● Goal of the exercise: Nothing outside the lines below from the one containing "An aerial image. It shows: Taxi stand." through the one containing "An aerial image. It shows: Railway" is to be printed; print those exactly, ends included, and drop the pictures.

● Input data:
◇ ◇ ◇ ◇ ◇
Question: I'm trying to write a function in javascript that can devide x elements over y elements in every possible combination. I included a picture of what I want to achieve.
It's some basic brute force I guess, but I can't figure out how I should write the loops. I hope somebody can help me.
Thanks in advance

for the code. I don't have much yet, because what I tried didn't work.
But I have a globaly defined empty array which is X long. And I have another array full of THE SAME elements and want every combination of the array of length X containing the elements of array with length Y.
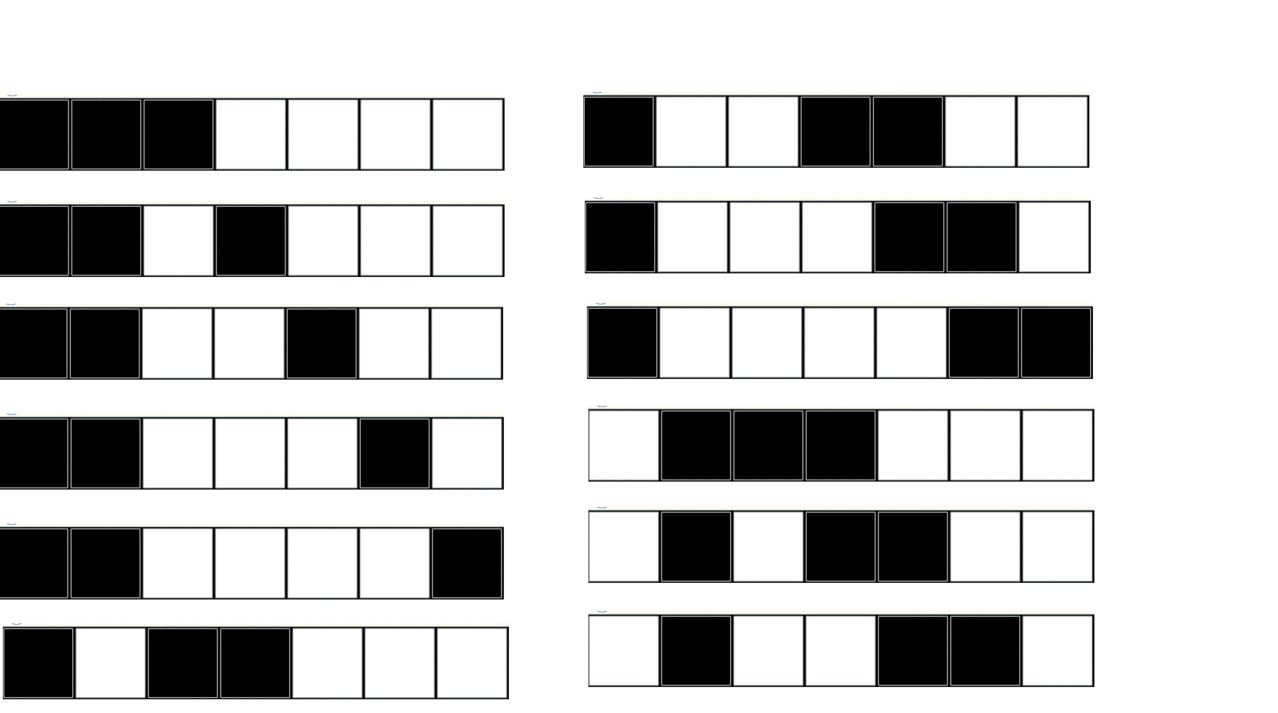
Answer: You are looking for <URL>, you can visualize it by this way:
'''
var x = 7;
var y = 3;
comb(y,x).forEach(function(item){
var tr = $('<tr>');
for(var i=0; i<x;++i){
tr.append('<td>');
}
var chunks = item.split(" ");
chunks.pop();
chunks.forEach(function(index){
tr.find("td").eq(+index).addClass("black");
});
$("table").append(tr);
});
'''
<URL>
◇ ◇ ◇ ◇ ◇
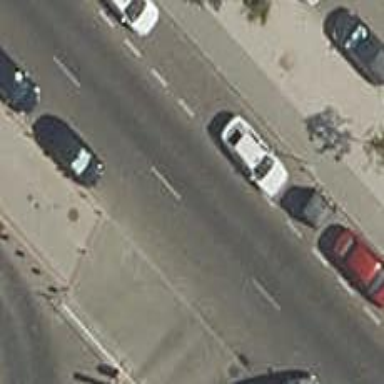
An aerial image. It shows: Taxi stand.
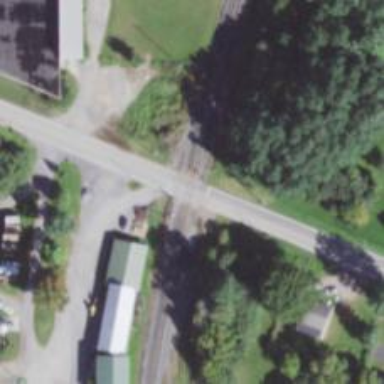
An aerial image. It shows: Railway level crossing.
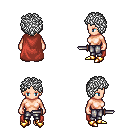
◇ ◇ ◇ ◇ ◇
● Exercise solution:
An aerial image. It shows: Taxi stand.
An aerial image. It shows: Railway level crossing.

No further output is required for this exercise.